New home mortgage applications fell to their lowest levels in nearly 30 years, according to a recent report. The decline in mortgage activity reflects both a cooling in the housing market and the wider implications of increasing interest rates.
Data from the Mortgage Bankers Association found that the number of mortgage applications nationwide fell to their lowest point since 1996.
A representative from the banking group added that the “purchase market slowed to the lowest level of activity since 1995, as the rapid rise in rates pushed an increasing number of potential homebuyers out of the market.”
Overall, the number of home refinance loans has fallen by more than 20% over this time last year. The decline in new mortgages comes during increased uncertainty about the future of the American economy.
The average 30-year fixed-rate mortgage rate has reached 7.74%, which rapidly increased since even earlier last year. This contrasts sharply with mortgage rates that were often near or below 3% during the pandemic.
In addition, the number of new home sales also declined from July to August. The 675,000 new home purchases during that period represented an almost 9% drop in sales. Existing home sales fell, as well, down nearly a percent.
Perhaps more concerning for the wider economy, the number of new housing construction starts fell more than 11% during the same period. Since August of last year, the same number of new home constructions fell almost 15% down to lows not seen since the start of the pandemic.
Interest rates on government bonds and general borrowing reached their highest point in two decades in recent months.

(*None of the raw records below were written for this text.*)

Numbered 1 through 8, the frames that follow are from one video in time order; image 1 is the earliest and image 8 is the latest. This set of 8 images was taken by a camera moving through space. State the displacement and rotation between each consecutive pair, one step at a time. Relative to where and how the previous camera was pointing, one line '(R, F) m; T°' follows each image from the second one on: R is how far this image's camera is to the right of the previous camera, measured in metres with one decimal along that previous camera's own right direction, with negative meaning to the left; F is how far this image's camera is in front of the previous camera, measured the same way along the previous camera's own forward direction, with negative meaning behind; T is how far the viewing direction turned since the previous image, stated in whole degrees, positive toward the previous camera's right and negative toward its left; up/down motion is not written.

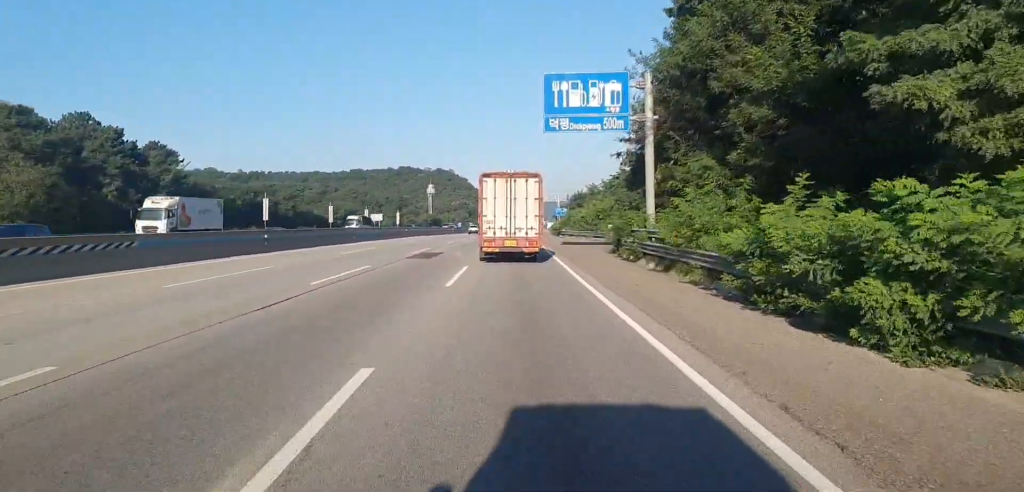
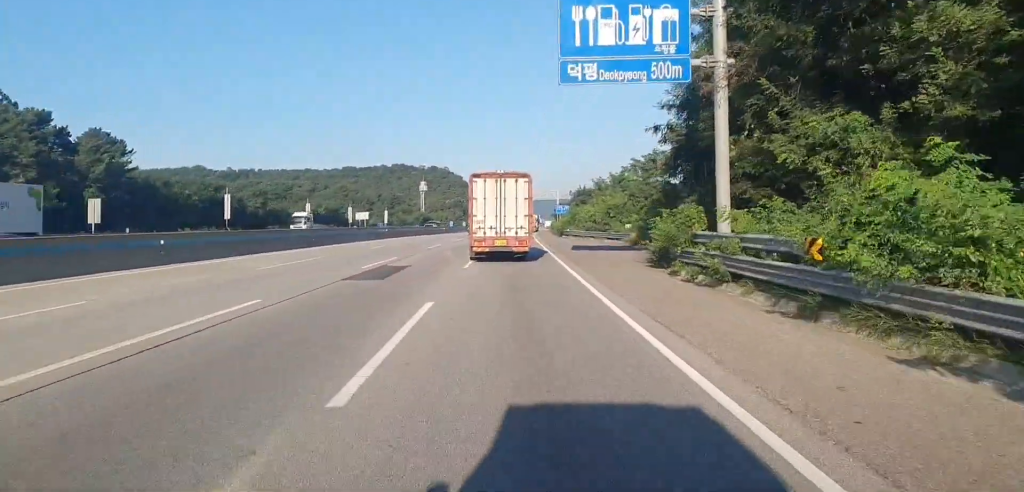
(-0.3, +13.3) m; 0°
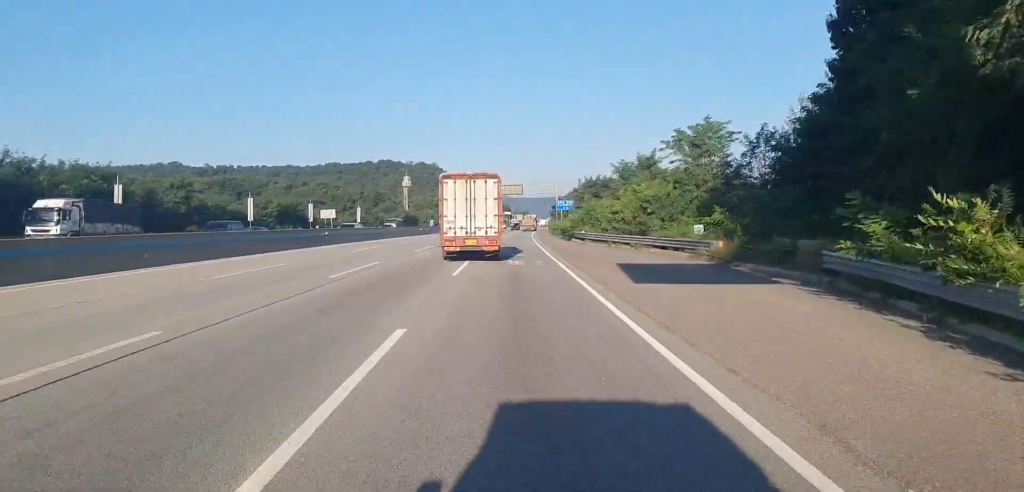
(+0.2, +24.1) m; +1°
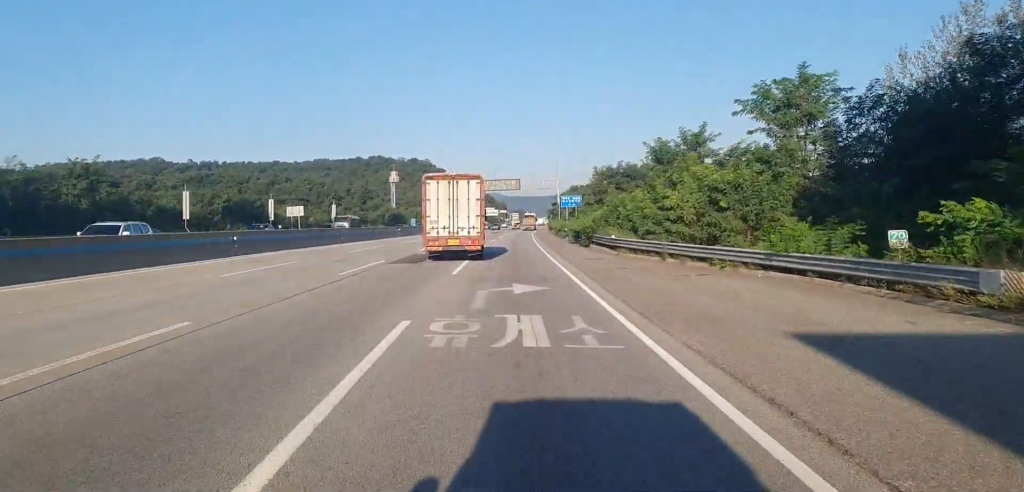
(+0.1, +18.9) m; 0°
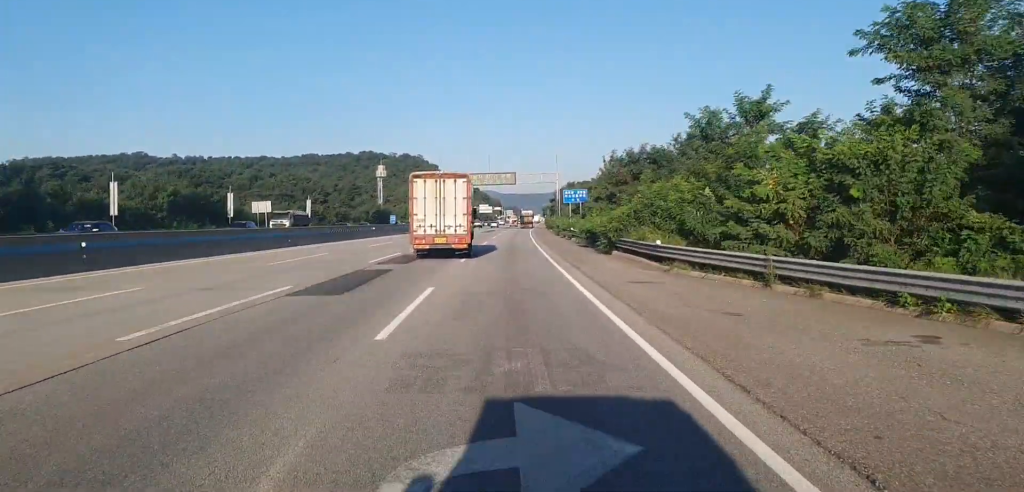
(0.0, +13.7) m; 0°
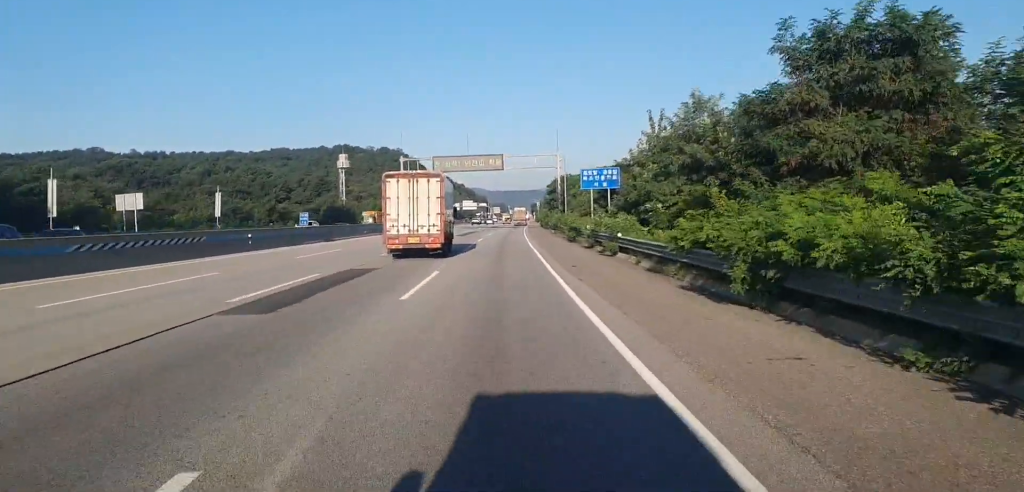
(0.0, +34.3) m; 0°
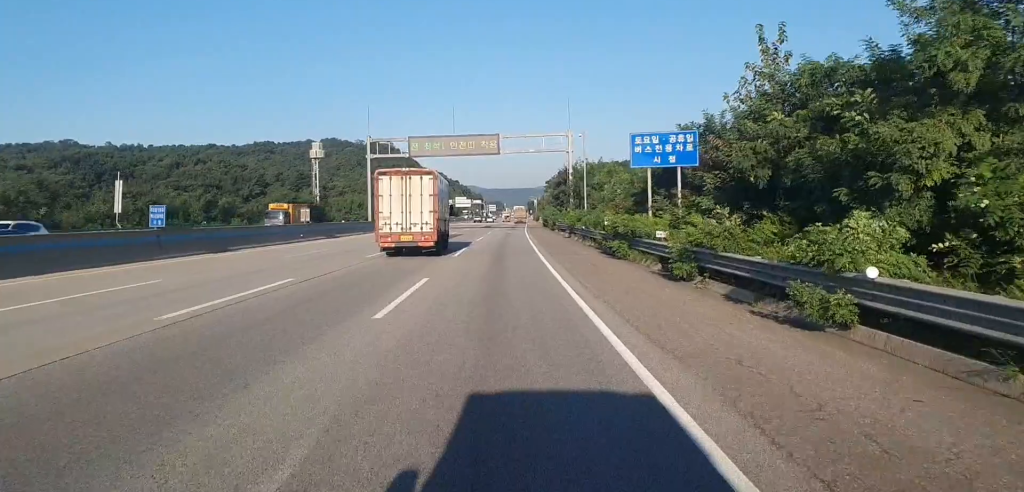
(+0.1, +23.1) m; +1°
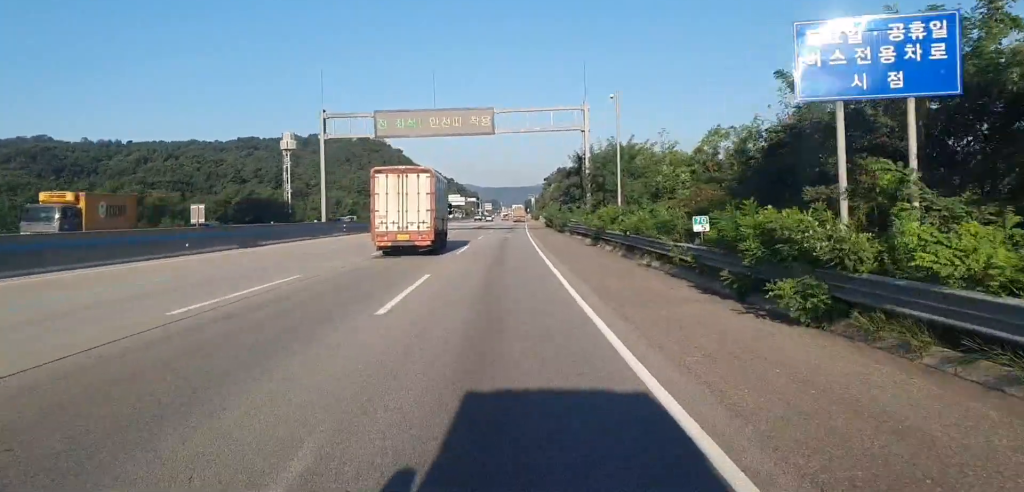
(+0.5, +19.0) m; 0°

High-interest rates also have a significant effect on the federal budget. The higher interest rate makes it more difficult and expensive to finance the national debt.
In other news, this is bad. Real bad. It’s why interest payments on our national debt will soon surpass our (massive) defense budget. And why mortgage rates won’t be going down anytime soon. And why commercial real estate and bond markets are getting hairy. And worse. (1/2) https://t.co/PZIEj5Jm4Y
— Peter Meijer (@RepMeijer) October 4, 2023
The increase in rates since the end of the coronavirus pandemic could potentially add hundreds of billions of dollars in new expenses each year, without Congress passing an additional spending bill.
The economic strain will put pressure on the Federal Reserve over whether or not to raise interest rates. The decision will be more complex since inflation has picked up again in recent months.